Working data:

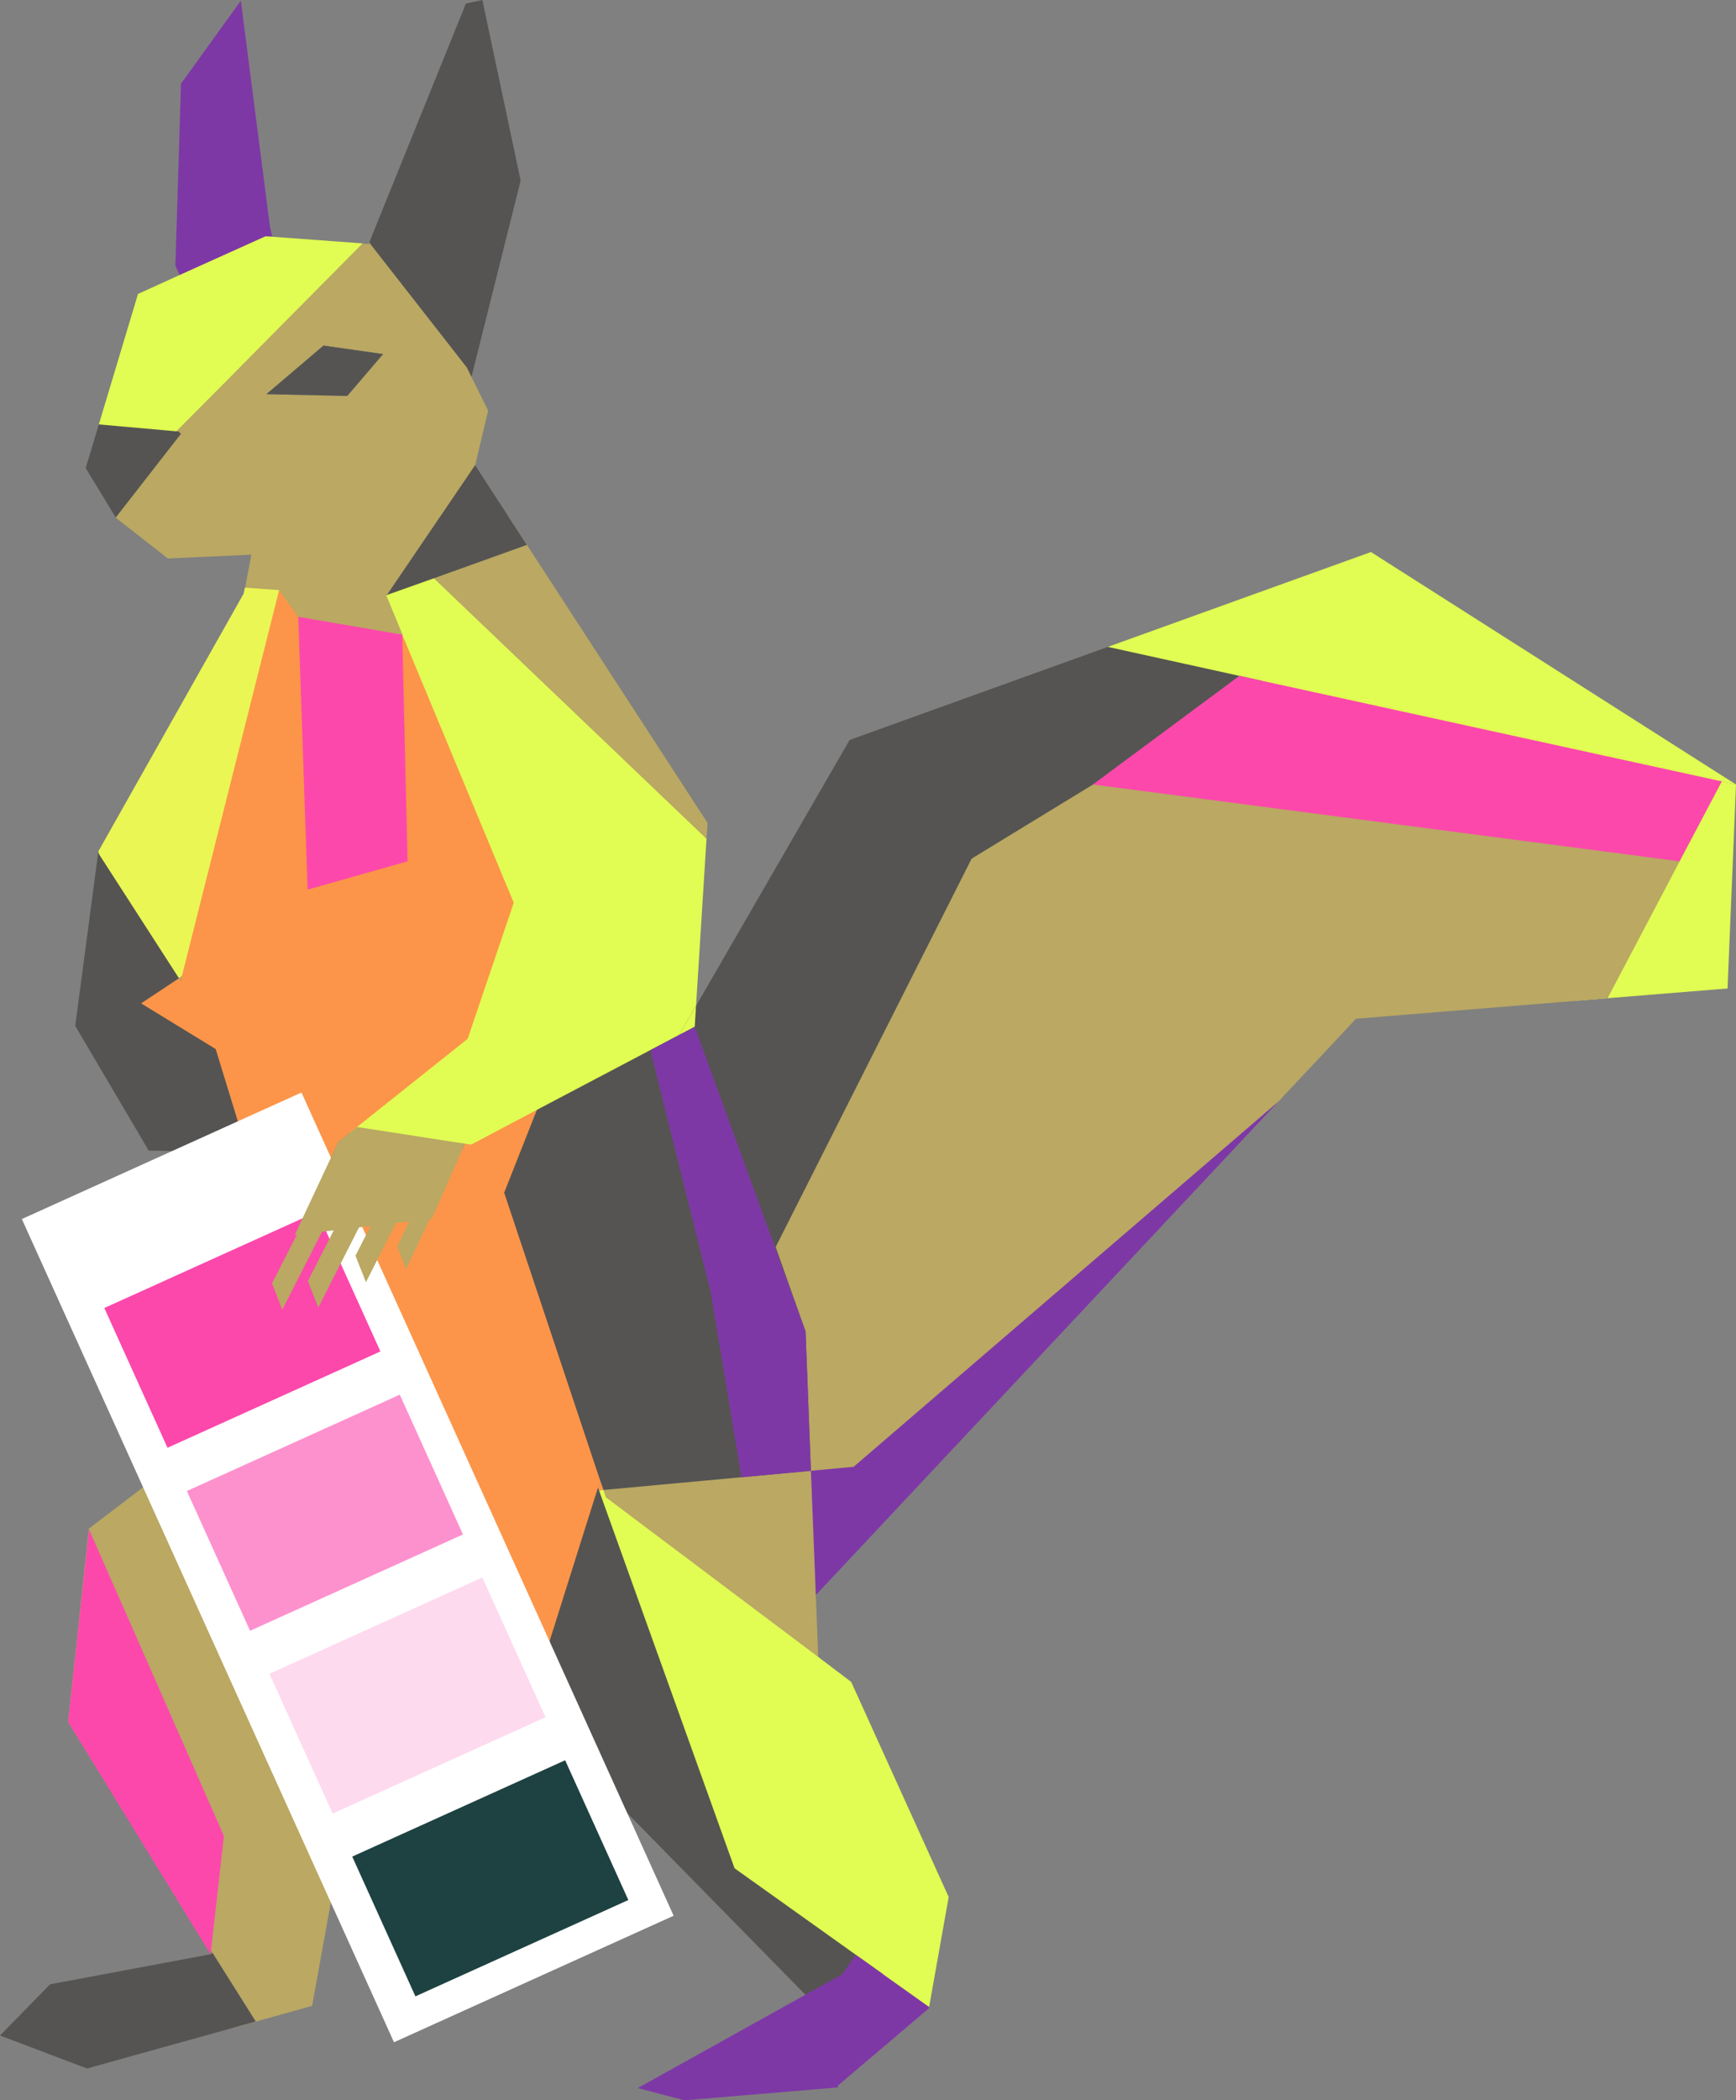<?xml version="1.0" encoding="utf-8"?>
<!-- Generator: Adobe Illustrator 25.4.1, SVG Export Plug-In . SVG Version: 6.00 Build 0)  -->
<svg version="1.1" id="Layer_1" xmlns="http://www.w3.org/2000/svg" xmlns:xlink="http://www.w3.org/1999/xlink" x="0px" y="0px"
	 viewBox="0 0 779.9 943.2" style="enable-background:new 0 0 779.9 943.2;" xml:space="preserve">
<rect x="0" y="0" width="779.9" height="943.2" fill="#808080" stroke="none"/>
<style type="text/css">
	.st0{fill:#E1FC52;}
	.st1{fill:#BAA863;}
	.st2{fill:#7E38A6;}
	.st3{fill:#555452;}
	.st4{fill:#FC9549;}
	.st5{fill:#EAF654;}
	.st6{fill:#FFFFFF;}
	.st7{fill:#FC47AB;}
	.st8{fill:#FD91CD;}
	.st9{fill:#FEDAEE;}
	.st10{fill:#1E4141;}
	.st11{fill:#FD48AB;}
</style>
<polygon class="st0" points="779.9,352.3 776.1,443.9 708.2,449.4 773.5,350.9 "/>
<polygon class="st0" points="560.3,338.2 497.7,290.5 615.9,247.9 779.9,352.3 773.5,350.9 "/>
<polygon class="st1" points="606.1,460.8 606.1,460.8 574.2,494.8 388.3,679.4 364.3,660.5 352,612 322.3,547.2 410.3,372.7 
	491,335.8 773.5,350.9 722.2,448.3 609.1,457.5 "/>
<polygon class="st2" points="574.2,494.8 366.5,716.3 333.1,663.4 383.5,658.7 "/>
<polygon class="st3" points="436.5,385.6 340.5,575.8 292.2,471.6 302.7,458.2 312.7,451.7 381.7,332.3 497.7,290.5 567.2,305.8 "/>
<polygon class="st0" points="367.6,744.1 382.4,755.3 426.2,851.9 417.4,901.3 378.3,886.7 323.3,841 269.1,669.3 271.1,669.1 
	312.7,679.4 "/>
<polygon class="st3" points="235.9,759.5 268.2,669.4 269.1,669.3 330,839 396.9,886.7 386.3,896.7 373.6,907.8 233.8,765.3 "/>
<polygon class="st1" points="366.5,716.3 367.6,744.1 272.2,672.4 271.1,669.1 363.3,635 "/>
<polygon class="st3" points="312.1,461.1 313.1,460.6 348.5,560.1 361.9,597.9 364.3,660.5 271.1,669.1 269.7,665.1 204.4,543.4 
	256.4,479.8 305.2,464.7 "/>
<polygon class="st1" points="228.2,231.6 317.9,369.6 317.4,376.7 183.1,263.9 "/>
<polygon class="st0" points="194.9,464.7 204.4,410 166.3,263 171.9,268.2 178.5,255 194.9,259.7 317.4,376.7 312.7,451.7 
	305.2,464.6 305.2,464.7 241.2,498.4 211.7,530.3 208.8,513.6 143.2,507.6 "/>
<polygon class="st0" points="305.2,464.6 312.7,451.7 312.1,461.1 305.2,464.7 "/>
<polygon class="st4" points="271.1,669.1 269.1,669.3 268.7,668.1 269.7,665.1 "/>
<polygon class="st4" points="268.2,669.4 239.8,759.5 228.2,759.5 197.7,759.5 126.5,650.8 114.1,631.8 114,629.9 111.5,556 
	124.5,555.5 132.4,554.6 158.3,525 207.7,516.1 211.7,514 241.2,498.4 226.5,535.6 269.7,665.1 268.7,668.1 "/>
<polygon class="st3" points="268.7,668.1 269.1,669.3 268.2,669.4 "/>
<polygon class="st3" points="194.9,259.7 172.1,267.8 205.1,196.1 236.7,244.7 "/>
<polygon class="st0" points="235.9,759.5 233.8,765.3 228.2,759.5 "/>
<polygon class="st3" points="167.7,104.4 209.3,1.6 216.7,0 233.9,81.1 205.1,196.1 166.4,109.6 165.9,108.9 "/>
<polygon class="st0" points="154.9,820.1 148.6,854.5 84,706.6 126.5,650.8 199.9,737 238.9,755 233.8,765.3 226.1,787 228.7,794.8 
	"/>
<polygon class="st4" points="110,513.8 72,490.7 57.5,438.4 80.4,439.3 81.2,440.6 81.7,438.4 115.4,263.9 170.5,268.4 171.7,268.5 
	173.4,267.4 230.8,405.4 210.1,466.5 160.4,506.1 152,512.8 132.4,554.6 124.5,555.5 111.5,556 110.2,517.5 111.2,517.5 "/>
<path class="st1" d="M219.3,184.4l-9.6-19.4l-43.3-55.4h-0.7l-2.8-0.2L121.1,138L84,165l-4.7,28.7l0.9,0.1l-25.4,9.8L52,232.5
	l23.4,18.3l37.5-1.7l-5.2,27.9l17.8-11.8l20.4,28.5l35-8.5l-7.3-17.7l39.9-58.7L219.3,184.4z M156,177.8l-36.3-0.8l25.7-21.8
	l26.7,3.8L156,177.8z"/>
<polygon class="st4" points="211.7,514 207.7,516.1 208.8,513.6 "/>
<polygon class="st3" points="172.1,159 156,177.8 119.7,177 145.3,155.2 "/>
<polygon class="st1" points="166.4,109.6 165.7,109.5 165.9,108.9 "/>
<polygon class="st0" points="79.6,193.3 66.3,207.3 44.4,190.6 62,132 80.7,123.5 98.1,101.9 119.3,106.1 162.9,109.3 127.4,145.1 
	99.8,173 "/>
<polygon class="st1" points="114.1,631.8 126.5,650.8 119.7,702.3 148.6,854.5 140.2,900.8 105,910.6 95.5,877 30.6,773.3 
	39.9,686.5 113.2,630.5 "/>
<polygon class="st5" points="109.5,266.5 110,263.9 125.4,265 81.7,438.4 80.4,439.3 52,416 44.2,382.3 "/>
<polygon class="st2" points="119.3,106.1 80.7,123.5 78.8,119.3 81.3,37.6 108.2,0.3 121.3,102 122.3,106.1 "/>
<polygon class="st3" points="95.5,877 114.9,907.8 39.1,928.9 0,914.1 22.5,891.1 94.6,877.6 "/>
<polygon class="st3" points="63.4,450.6 96.9,471.1 110,513.8 110.2,517.5 66.8,516.7 33.8,460.7 44.1,383 80.4,439.3 "/>
<g>
	
		<rect x="87.3" y="501.1" transform="matrix(0.911 -0.412 0.412 0.911 -276.171 126.904)" class="st6" width="137.9" height="405.8"/>
	
		<rect x="56.4" y="562.8" transform="matrix(0.911 -0.412 0.412 0.911 -236.394 97.917)" class="st7" width="105" height="68.9"/>
	
		<rect x="93.5" y="645" transform="matrix(0.911 -0.412 0.412 0.911 -266.967 120.501)" class="st8" width="105" height="68.9"/>
	
		<rect x="130.6" y="727.1" transform="matrix(0.911 -0.412 0.412 0.911 -297.496 143.077)" class="st9" width="105" height="68.9"/>
	
		<rect x="167.8" y="809.2" transform="matrix(0.911 -0.412 0.412 0.911 -328.018 165.697)" class="st10" width="105" height="68.9"/>
</g>
<polygon class="st1" points="81.7,438.4 81.2,440.6 80.4,439.3 "/>
<polygon class="st3" points="79.3,193.7 80.1,193.7 81.3,194.8 52,232.4 38.5,210.2 44.4,190.6 "/>
<polygon class="st1" points="207.7,516.1 194,547.3 132.4,554.6 152,512.8 160.4,506.1 208.8,513.6 "/>
<g>
	<g>
		<polygon class="st1" points="156,530.9 126.8,588.2 122.2,576.3 148.4,525 		"/>
	</g>
	<g>
		<polygon class="st1" points="172.1,529.9 143,587.2 138.3,575.3 164.5,524 		"/>
	</g>
	<g>
		<polygon class="st1" points="193.5,518.5 164.4,575.8 159.7,563.9 185.9,512.6 		"/>
	</g>
	<g>
		<polygon class="st1" points="205.1,522 182.4,569.9 178.5,559.7 198.9,516.9 		"/>
	</g>
</g>
<polygon class="st11" points="134,277 138.2,399.5 183.1,386.8 180.7,285 "/>
<polygon class="st11" points="491,352.3 754.5,386.8 773.5,350.9 556.8,303.5 "/>
<polygon class="st11" points="40,686.8 100.6,824.5 94.6,877.6 30.6,773.3 "/>
<polygon class="st2" points="292.2,471.6 319.3,580.3 333.1,663.4 364.3,660.5 361.9,597.9 312.1,461.1 "/>
<polygon class="st2" points="361.8,895.8 378.3,886.7 384.5,877.9 417.4,901.3 417.3,901.9 376.4,936.6 376.5,937.4 307.5,943.2 
	286.5,937.7 "/>
</svg>

Problem to solve:
Retype word for word everything in the listing above from the line that holds "138.2,399.5 183.1,386.8 180.7,285" down to the line that holds "100.6,824.5 94.6,877.6 30.6,773.3". Keep both end lines and leave out the rest.

Output:
<polygon class="st11" points="134,277 138.2,399.5 183.1,386.8 180.7,285 "/>
<polygon class="st11" points="491,352.3 754.5,386.8 773.5,350.9 556.8,303.5 "/>
<polygon class="st11" points="40,686.8 100.6,824.5 94.6,877.6 30.6,773.3 "/>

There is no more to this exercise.